### WHAT YOU ARE ASKED TO DO
Transcribe exactly the stretch of lines beginning at the one containing "Character: 5" and closing with the last line of the entries below. Omit images.

(DATASET CONTENT)

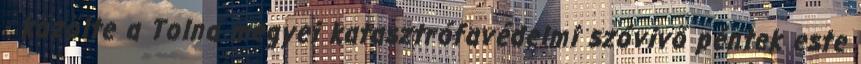
- közölte a Tolna megyei katasztrófavédelmi szóvivő péntek este
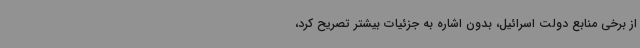
از برخی منابع دولت اسرائیل، بدون اشاره به جزئیات بیشتر تصریح کرد،
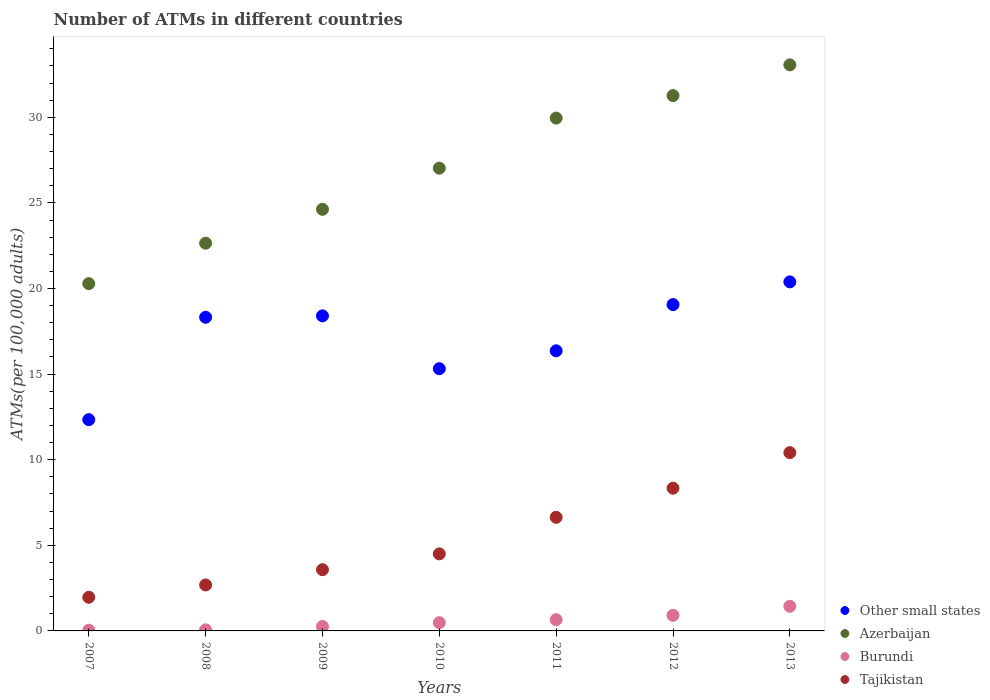
| Years | Other small states | Azerbaijan | Burundi | Tajikistan |
 | --- | --- | --- | --- | --- |
 | 2007 | 12.3 | 20.3 | 0.0432 | 1.96 |
 | 2008 | 18.3 | 22.6 | 0.0623 | 2.69 |
 | 2009 | 18.4 | 24.6 | 0.26 | 3.58 |
 | 2010 | 15.3 | 27 | 0.483 | 4.5 |
 | 2011 | 16.4 | 30 | 0.655 | 6.64 |
 | 2012 | 19.1 | 31.3 | 0.91 | 8.34 |
 | 2013 | 20.4 | 33.1 | 1.44 | 10.4 |
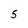
Character: 5
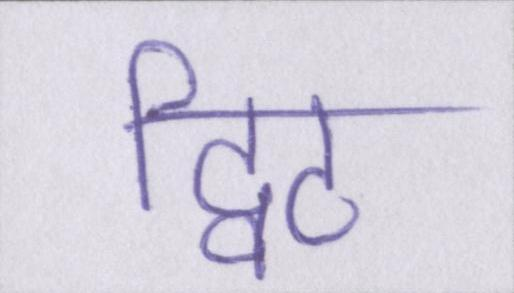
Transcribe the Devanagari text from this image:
ट्विट

(End DATASET CONTENT)

### SOLVED PROBLEM
Character: 5
Transcribe the Devanagari text from this image:
ट्विट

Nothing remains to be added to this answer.